**Exercise prompt:**
Nothing in the records should be changed in the copy, though the pictures must be left out.

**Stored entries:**

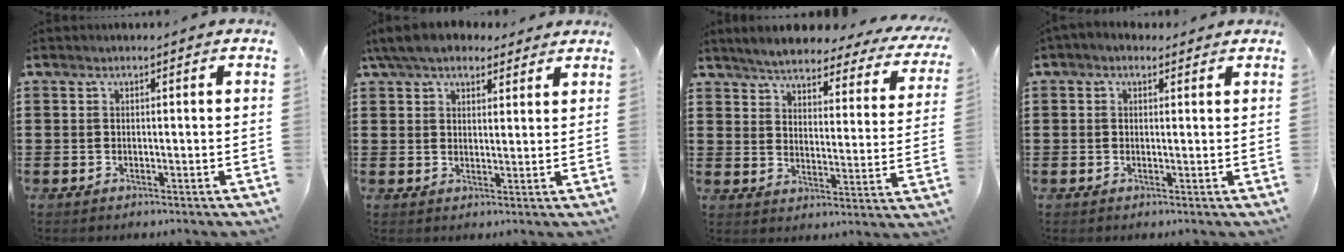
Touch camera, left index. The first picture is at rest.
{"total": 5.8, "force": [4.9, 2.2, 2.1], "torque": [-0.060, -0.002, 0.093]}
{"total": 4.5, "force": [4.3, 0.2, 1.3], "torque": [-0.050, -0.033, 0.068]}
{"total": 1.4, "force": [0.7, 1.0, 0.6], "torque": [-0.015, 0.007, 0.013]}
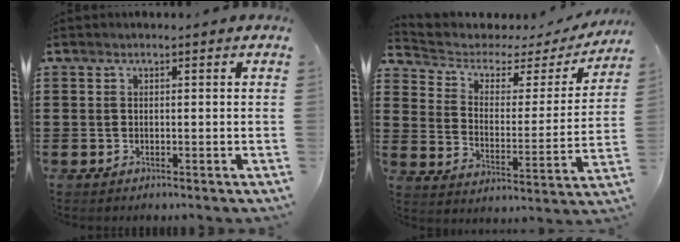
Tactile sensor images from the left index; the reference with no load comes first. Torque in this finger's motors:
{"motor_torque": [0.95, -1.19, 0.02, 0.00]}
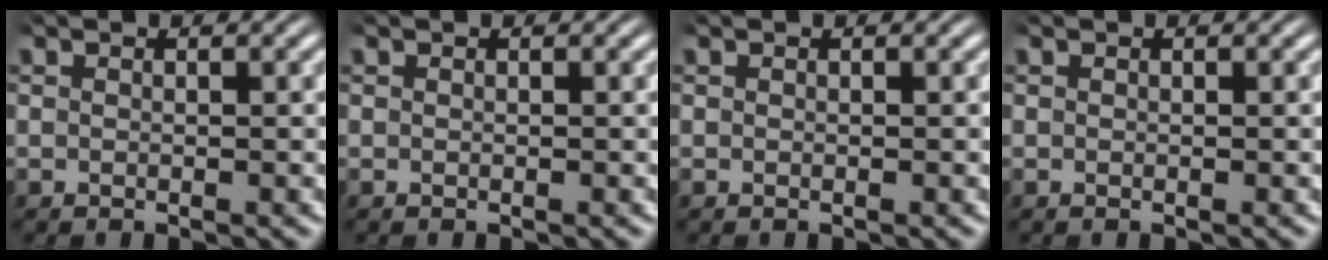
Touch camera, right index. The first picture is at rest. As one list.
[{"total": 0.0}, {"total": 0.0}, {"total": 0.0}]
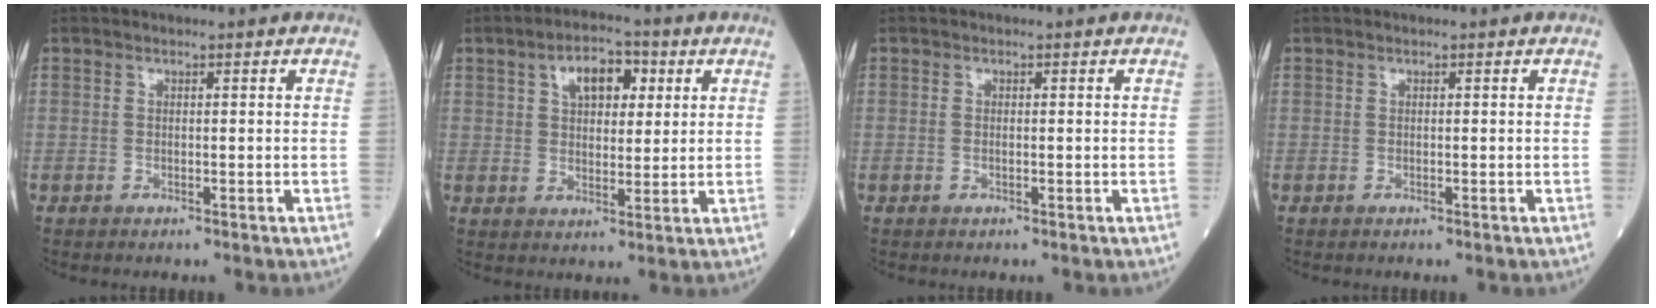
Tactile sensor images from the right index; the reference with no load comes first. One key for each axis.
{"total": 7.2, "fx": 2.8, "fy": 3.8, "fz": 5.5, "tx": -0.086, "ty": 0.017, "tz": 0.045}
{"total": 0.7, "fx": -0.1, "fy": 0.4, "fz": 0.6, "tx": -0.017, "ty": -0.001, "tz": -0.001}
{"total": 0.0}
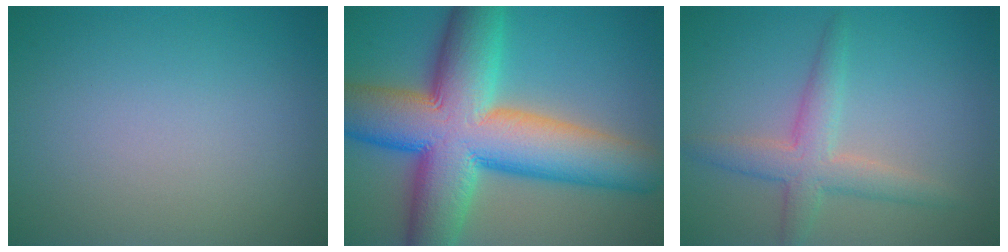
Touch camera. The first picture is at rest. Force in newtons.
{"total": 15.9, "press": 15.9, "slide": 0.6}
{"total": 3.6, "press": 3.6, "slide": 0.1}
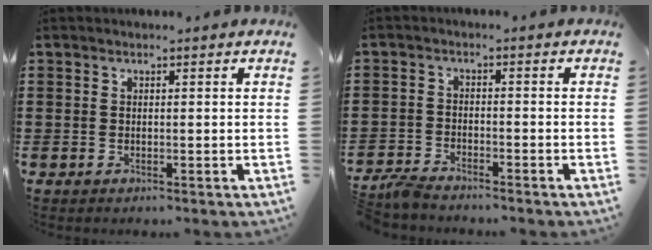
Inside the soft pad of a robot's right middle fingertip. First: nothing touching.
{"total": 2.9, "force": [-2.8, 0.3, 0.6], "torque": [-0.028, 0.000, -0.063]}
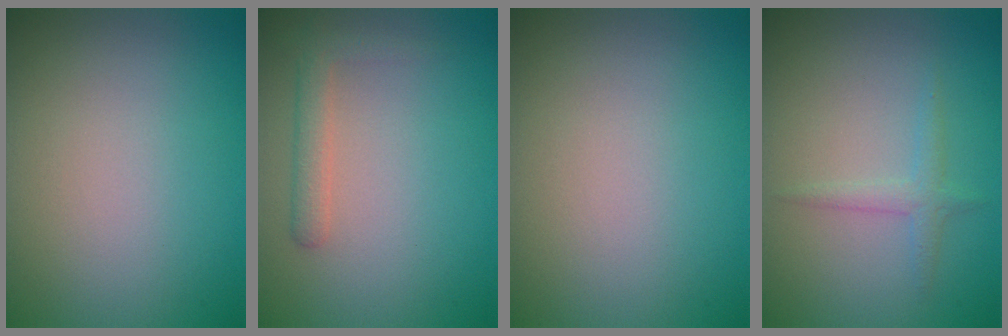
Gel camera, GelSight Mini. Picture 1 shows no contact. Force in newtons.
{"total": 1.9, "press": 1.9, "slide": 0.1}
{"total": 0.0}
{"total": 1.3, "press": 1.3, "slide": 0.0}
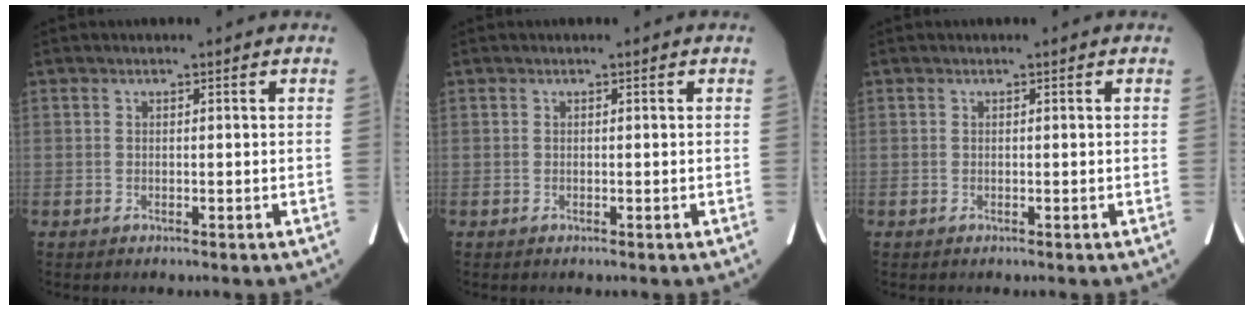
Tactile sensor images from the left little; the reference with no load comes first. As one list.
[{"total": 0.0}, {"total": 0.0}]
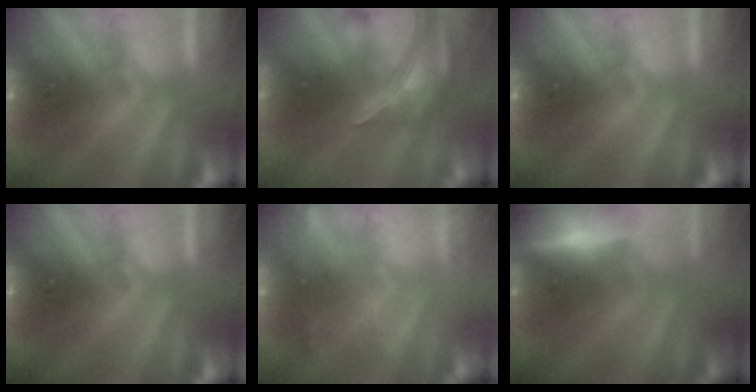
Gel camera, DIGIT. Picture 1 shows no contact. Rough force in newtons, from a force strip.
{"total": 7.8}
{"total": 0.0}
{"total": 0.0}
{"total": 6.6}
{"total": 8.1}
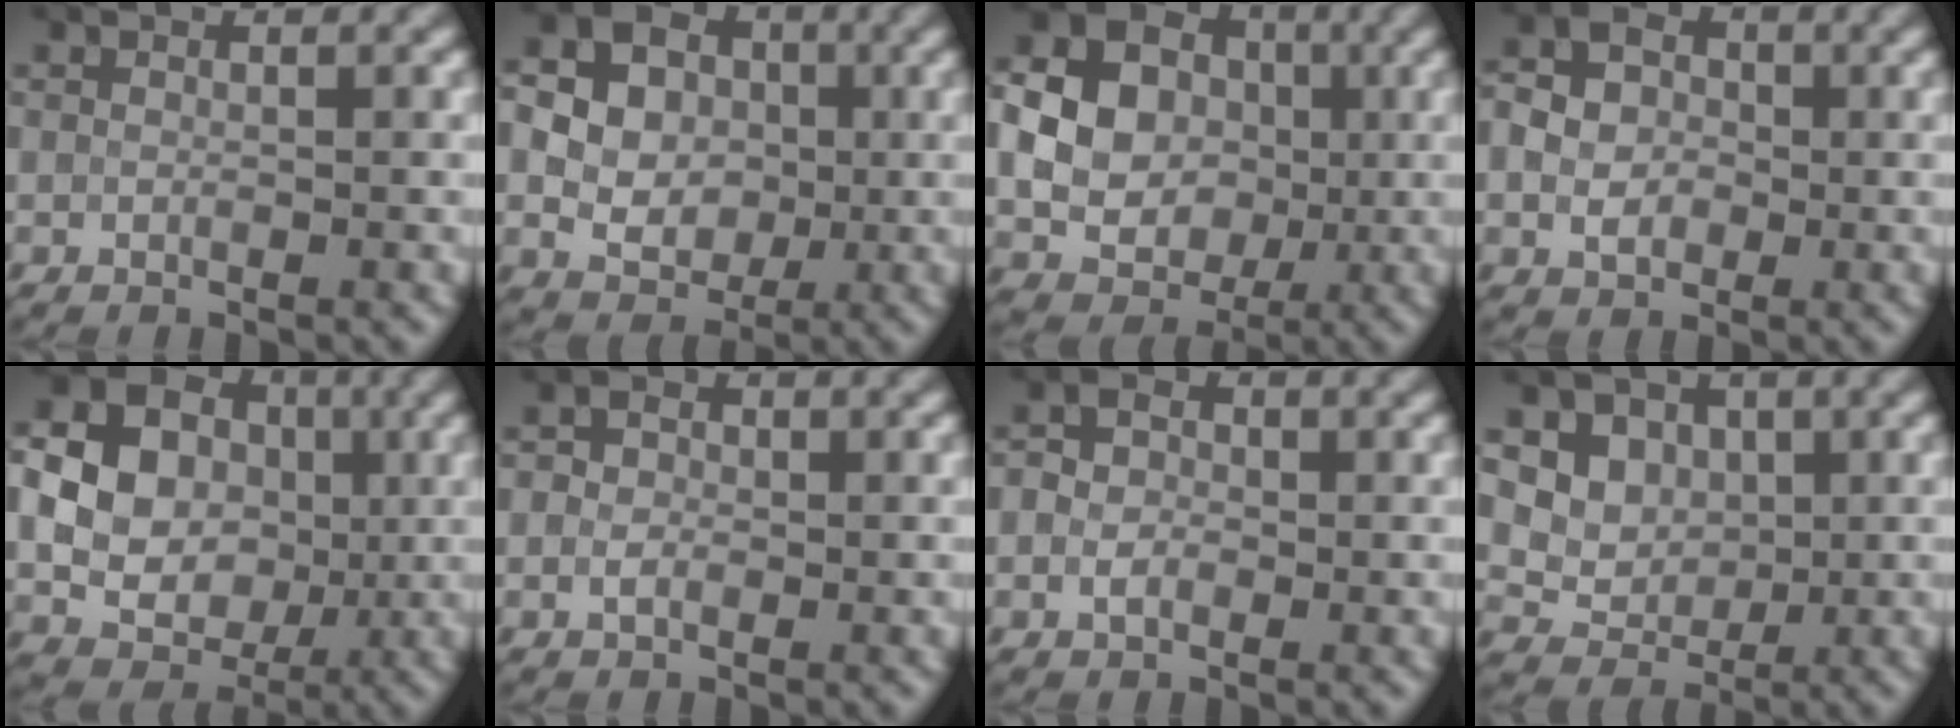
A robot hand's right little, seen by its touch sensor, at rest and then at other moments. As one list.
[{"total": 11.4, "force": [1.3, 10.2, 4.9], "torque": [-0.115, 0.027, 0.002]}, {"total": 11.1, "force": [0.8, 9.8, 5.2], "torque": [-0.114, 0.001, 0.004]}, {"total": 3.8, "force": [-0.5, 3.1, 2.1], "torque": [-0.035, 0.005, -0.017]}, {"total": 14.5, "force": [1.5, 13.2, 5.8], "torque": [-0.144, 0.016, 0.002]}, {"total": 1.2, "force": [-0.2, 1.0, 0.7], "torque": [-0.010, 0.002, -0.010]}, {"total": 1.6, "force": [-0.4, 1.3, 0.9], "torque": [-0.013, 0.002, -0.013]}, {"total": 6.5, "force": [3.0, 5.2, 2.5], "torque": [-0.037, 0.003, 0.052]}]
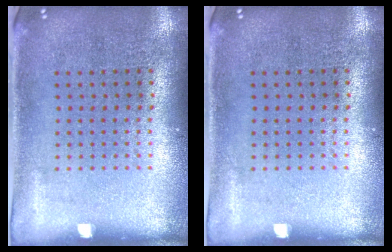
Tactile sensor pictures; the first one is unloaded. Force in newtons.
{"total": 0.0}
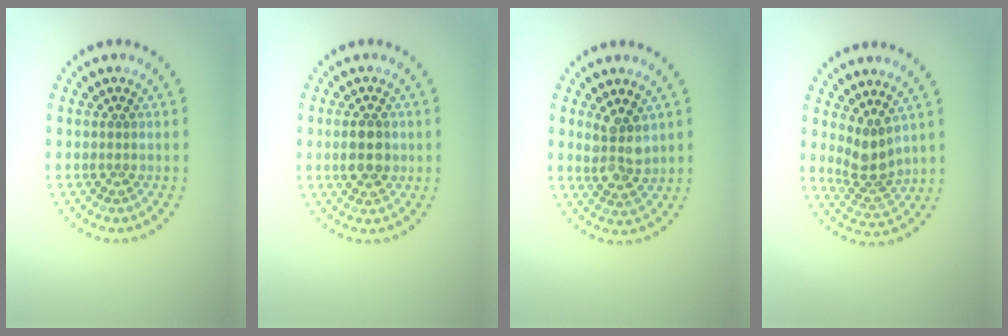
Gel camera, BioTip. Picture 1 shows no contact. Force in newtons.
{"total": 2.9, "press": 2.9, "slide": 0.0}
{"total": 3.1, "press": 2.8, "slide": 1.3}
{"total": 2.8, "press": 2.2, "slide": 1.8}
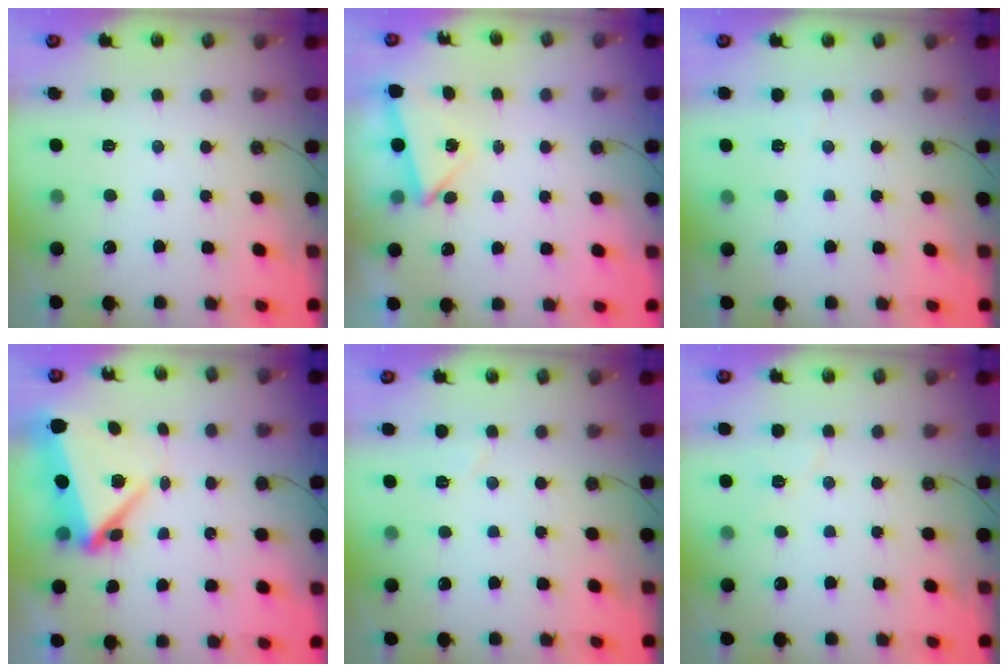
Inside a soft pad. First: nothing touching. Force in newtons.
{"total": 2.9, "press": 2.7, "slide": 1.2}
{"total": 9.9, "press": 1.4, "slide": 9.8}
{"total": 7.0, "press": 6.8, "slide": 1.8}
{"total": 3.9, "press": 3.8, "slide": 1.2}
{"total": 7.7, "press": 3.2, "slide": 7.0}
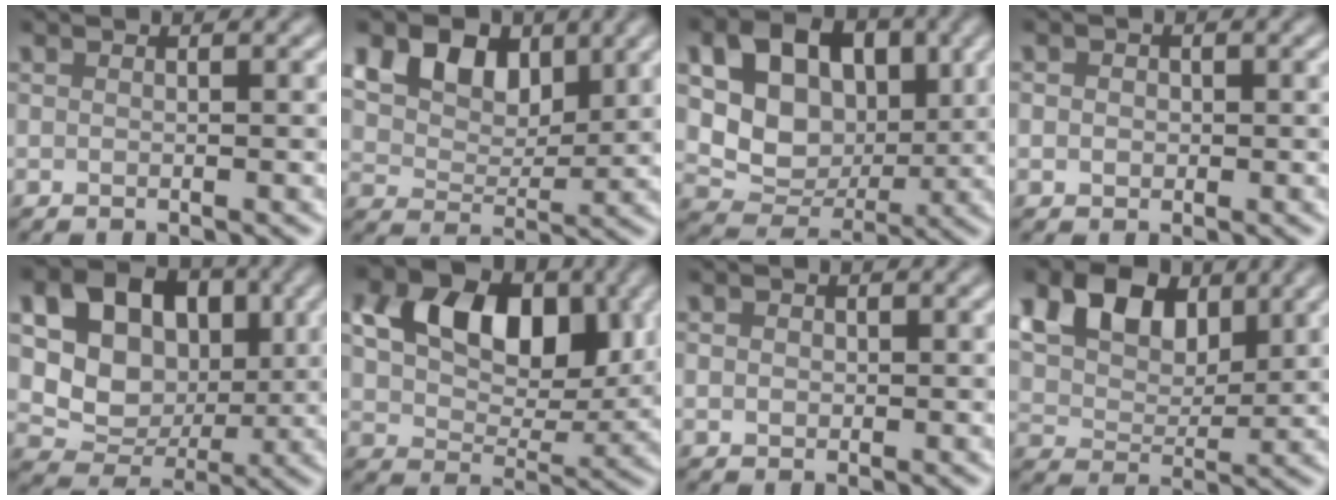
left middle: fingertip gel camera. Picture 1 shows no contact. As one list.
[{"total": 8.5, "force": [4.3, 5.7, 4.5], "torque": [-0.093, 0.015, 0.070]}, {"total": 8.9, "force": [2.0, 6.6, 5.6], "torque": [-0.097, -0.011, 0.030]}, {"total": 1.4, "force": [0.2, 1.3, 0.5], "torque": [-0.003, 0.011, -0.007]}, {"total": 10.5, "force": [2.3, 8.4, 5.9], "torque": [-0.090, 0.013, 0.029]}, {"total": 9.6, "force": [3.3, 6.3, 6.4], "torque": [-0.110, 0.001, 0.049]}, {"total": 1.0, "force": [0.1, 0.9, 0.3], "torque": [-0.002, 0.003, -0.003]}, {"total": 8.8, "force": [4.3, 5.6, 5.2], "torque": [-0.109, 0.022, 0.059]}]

**Expected answer:**
Touch camera, left index. The first picture is at rest.
{"total": 5.8, "force": [4.9, 2.2, 2.1], "torque": [-0.060, -0.002, 0.093]}
{"total": 4.5, "force": [4.3, 0.2, 1.3], "torque": [-0.050, -0.033, 0.068]}
{"total": 1.4, "force": [0.7, 1.0, 0.6], "torque": [-0.015, 0.007, 0.013]}
Tactile sensor images from the left index; the reference with no load comes first. Torque in this finger's motors:
{"motor_torque": [0.95, -1.19, 0.02, 0.00]}
Touch camera, right index. The first picture is at rest. As one list.
[{"total": 0.0}, {"total": 0.0}, {"total": 0.0}]
Tactile sensor images from the right index; the reference with no load comes first. One key for each axis.
{"total": 7.2, "fx": 2.8, "fy": 3.8, "fz": 5.5, "tx": -0.086, "ty": 0.017, "tz": 0.045}
{"total": 0.7, "fx": -0.1, "fy": 0.4, "fz": 0.6, "tx": -0.017, "ty": -0.001, "tz": -0.001}
{"total": 0.0}
Touch camera. The first picture is at rest. Force in newtons.
{"total": 15.9, "press": 15.9, "slide": 0.6}
{"total": 3.6, "press": 3.6, "slide": 0.1}
Inside the soft pad of a robot's right middle fingertip. First: nothing touching.
{"total": 2.9, "force": [-2.8, 0.3, 0.6], "torque": [-0.028, 0.000, -0.063]}
Gel camera, GelSight Mini. Picture 1 shows no contact. Force in newtons.
{"total": 1.9, "press": 1.9, "slide": 0.1}
{"total": 0.0}
{"total": 1.3, "press": 1.3, "slide": 0.0}
Tactile sensor images from the left little; the reference with no load comes first. As one list.
[{"total": 0.0}, {"total": 0.0}]
Gel camera, DIGIT. Picture 1 shows no contact. Rough force in newtons, from a force strip.
{"total": 7.8}
{"total": 0.0}
{"total": 0.0}
{"total": 6.6}
{"total": 8.1}
A robot hand's right little, seen by its touch sensor, at rest and then at other moments. As one list.
[{"total": 11.4, "force": [1.3, 10.2, 4.9], "torque": [-0.115, 0.027, 0.002]}, {"total": 11.1, "force": [0.8, 9.8, 5.2], "torque": [-0.114, 0.001, 0.004]}, {"total": 3.8, "force": [-0.5, 3.1, 2.1], "torque": [-0.035, 0.005, -0.017]}, {"total": 14.5, "force": [1.5, 13.2, 5.8], "torque": [-0.144, 0.016, 0.002]}, {"total": 1.2, "force": [-0.2, 1.0, 0.7], "torque": [-0.010, 0.002, -0.010]}, {"total": 1.6, "force": [-0.4, 1.3, 0.9], "torque": [-0.013, 0.002, -0.013]}, {"total": 6.5, "force": [3.0, 5.2, 2.5], "torque": [-0.037, 0.003, 0.052]}]
Tactile sensor pictures; the first one is unloaded. Force in newtons.
{"total": 0.0}
Gel camera, BioTip. Picture 1 shows no contact. Force in newtons.
{"total": 2.9, "press": 2.9, "slide": 0.0}
{"total": 3.1, "press": 2.8, "slide": 1.3}
{"total": 2.8, "press": 2.2, "slide": 1.8}
Inside a soft pad. First: nothing touching. Force in newtons.
{"total": 2.9, "press": 2.7, "slide": 1.2}
{"total": 9.9, "press": 1.4, "slide": 9.8}
{"total": 7.0, "press": 6.8, "slide": 1.8}
{"total": 3.9, "press": 3.8, "slide": 1.2}
{"total": 7.7, "press": 3.2, "slide": 7.0}
left middle: fingertip gel camera. Picture 1 shows no contact. As one list.
[{"total": 8.5, "force": [4.3, 5.7, 4.5], "torque": [-0.093, 0.015, 0.070]}, {"total": 8.9, "force": [2.0, 6.6, 5.6], "torque": [-0.097, -0.011, 0.030]}, {"total": 1.4, "force": [0.2, 1.3, 0.5], "torque": [-0.003, 0.011, -0.007]}, {"total": 10.5, "force": [2.3, 8.4, 5.9], "torque": [-0.090, 0.013, 0.029]}, {"total": 9.6, "force": [3.3, 6.3, 6.4], "torque": [-0.110, 0.001, 0.049]}, {"total": 1.0, "force": [0.1, 0.9, 0.3], "torque": [-0.002, 0.003, -0.003]}, {"total": 8.8, "force": [4.3, 5.6, 5.2], "torque": [-0.109, 0.022, 0.059]}]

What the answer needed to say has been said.